Practical Near-Data Processing for In-Memory Analytics Frameworks

International Conference on Parallel Architectures and Compilation Techniques (PACT), 2015


Abstract

The end of Dennard scaling has made all systems energy-constrained. For data-intensive applications with limited temporal locality, the major energy bottleneck is data movement between processor chips and main memory modules. For such workloads, the best way to optimize energy is to place processing near the data in main memory. Advances in 3D integration provide an opportunity to implement near-data processing (NDP) without the technology problems that similar efforts had in the past. This paper develops the hardware and software of an NDP architecture for in-memory analytics frameworks, including MapReduce, graph processing, and deep neural networks. We develop simple but scalable hardware support for coherence, communication, and synchronization, and a runtime system that is sufficient to support analytics frameworks with complex data patterns while hiding all the details of the NDP hardware.

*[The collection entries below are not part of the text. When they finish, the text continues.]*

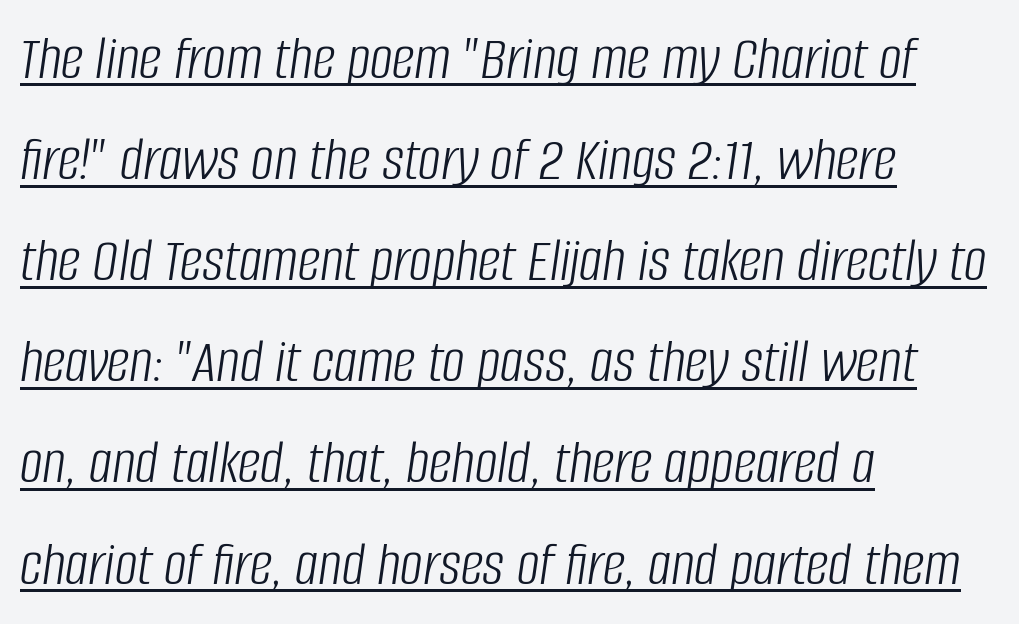
The image shows 64 px light, condensed type, italic (leaning right); set left-aligned, normal line spacing (1.58x), normal letter spacing, underlined; low stroke contrast and a large x-height.
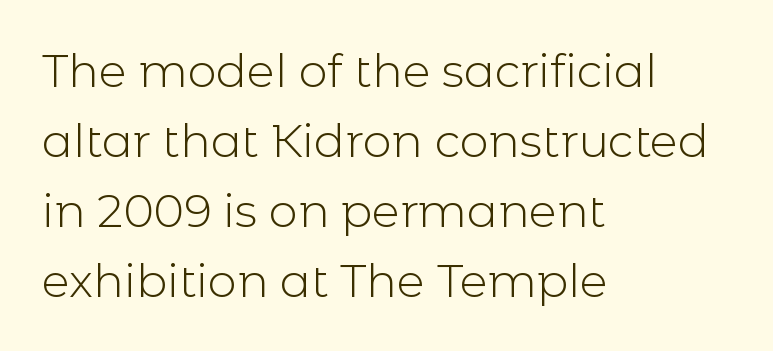
The image shows 46 px light sans-serif type, upright; set left-aligned, normal line spacing (1.52x), normal letter spacing, not underlined; a medium x-height.
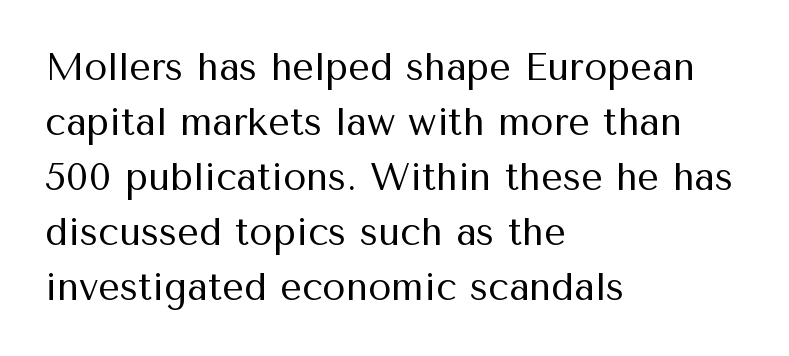
{"serif": "no", "italic": "no", "bold": "no", "weight": "regular", "width": "normal", "stroke_contrast": "medium", "x_height": "medium", "monospaced": "no", "underline": "no", "align": "left", "line_spacing": "normal", "line_spacing_ratio": 1.45, "letter_spacing": "normal", "letter_spacing_em": 0.0, "glyph_px": 38}
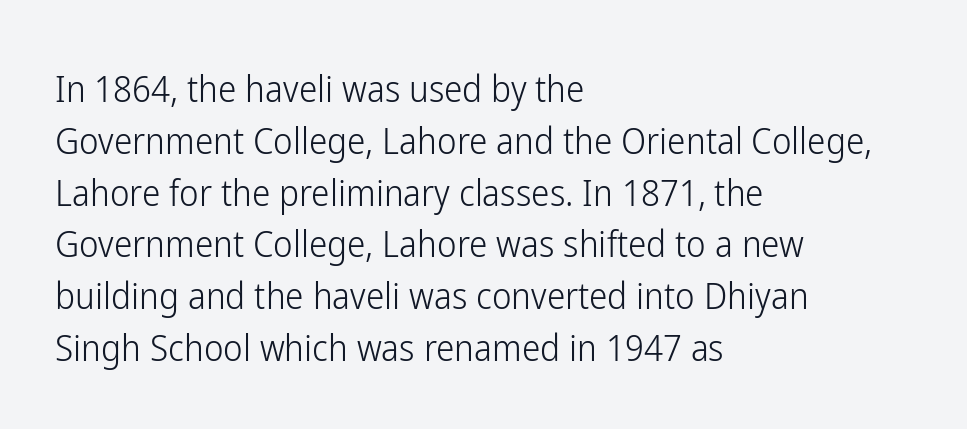
This sample keeps an unexceptional amount of space between lines. Glyph-to-glyph distance matches everyday printed text. The strip under each line holds only bare page. Unlike italic type, these characters show no tilt at all.
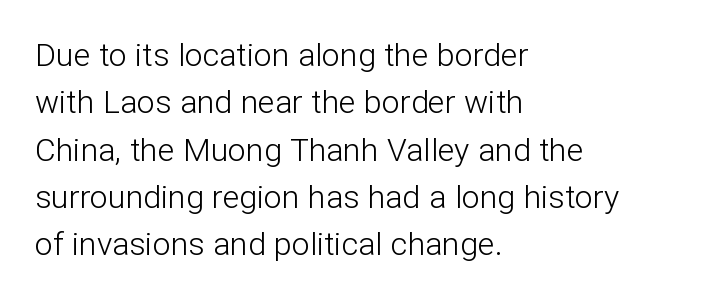
{"serif": "no", "italic": "no", "bold": "no", "weight": "light", "width": "normal", "stroke_contrast": "low", "x_height": "medium", "monospaced": "no", "underline": "no", "align": "left", "line_spacing": "normal", "line_spacing_ratio": 1.48, "letter_spacing": "normal", "letter_spacing_em": 0.0, "glyph_px": 32}
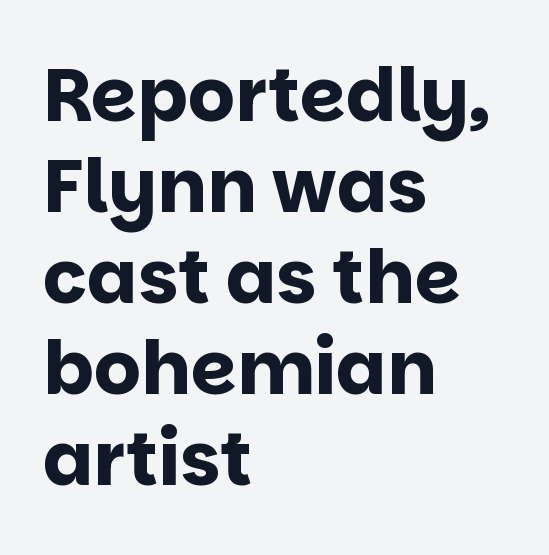
Q: Is the text bold? A: Yes.
Q: Is the text italic (slanted)? A: No, it is upright.
Q: Is the typeface a serif or a sans-serif typeface? A: Sans-serif.
Q: Is the text underlined? A: No.
Q: How is the paragraph aligned? A: Left-aligned.
Q: Is the spacing between letters normal or unusually wide? A: Normal.
Q: Width (condensed, normal, or wide)? A: Normal.
Q: Stroke contrast? A: Low.
Q: x-height? A: Large.
Q: Monospaced? A: No.
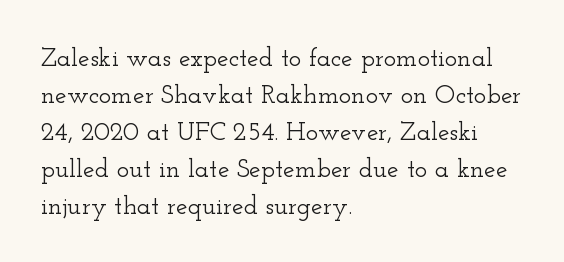
Inter-character spacing is left at the font's built-in metrics. Bare-footed words on every line. Every stem runs plumb, perpendicular to the baseline. Line spacing here is normal. Every row of glyphs begins at an identical x-position on the left.
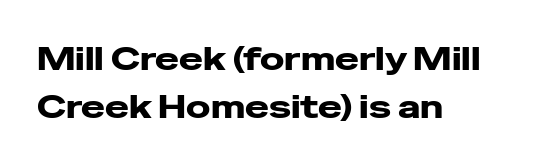
The image shows 32 px wide sans-serif type, upright; set left-aligned, normal line spacing (1.49x), normal letter spacing, not underlined; low stroke contrast and a medium x-height.
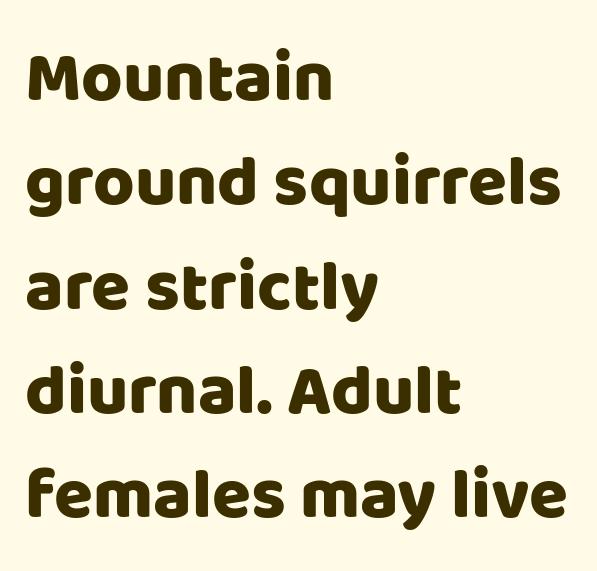
Words float on clear page, feet unadorned. The text block is weighted toward the left margin, trailing off unevenly rightward. The face used here is a sans, in the tradition of grotesques and geometrics. The typography opts for an upright posture over an oblique one. The letterforms sit shoulder to shoulder at normal distance.
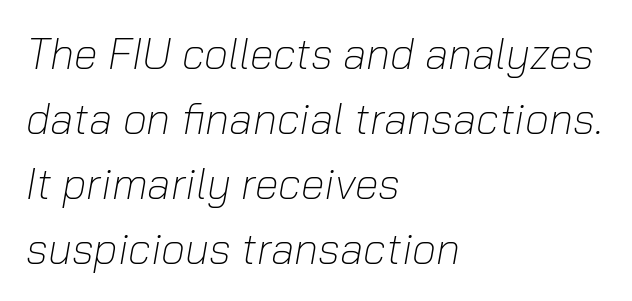
Letters have the restrained weight of plain body copy at most. The face used here is rendered with its standard letterfit. This is oblique type, the kind used for emphasis or titles. Glance below the letters and you will spot only blank space.
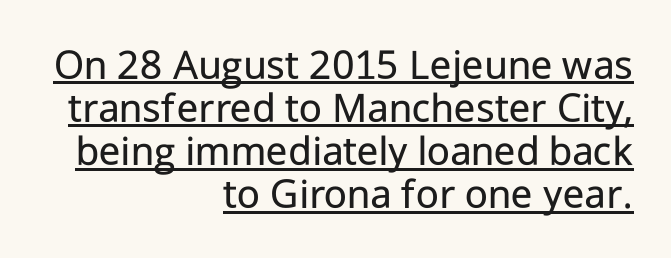
The passage shown is not bold in any degree. Has an underline been added? It has. Each letter keeps its own natural width here, so spacing adapts to shape. The letters stand upright; this is a roman face.
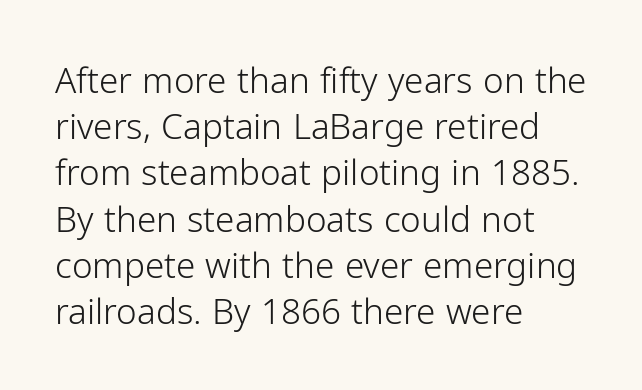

Our NDP architecture provides up to 16x performance and energy advantage over conventional approaches, and 2.5x over recently-proposed NDP systems. We also investigate the balance between processing and memory throughput, as well as the scalability and physical and logical organization of the memory system. Finally, we show that it is critical to optimize software frameworks for spatial locality as it leads to 2.9x efficiency improvements for NDP.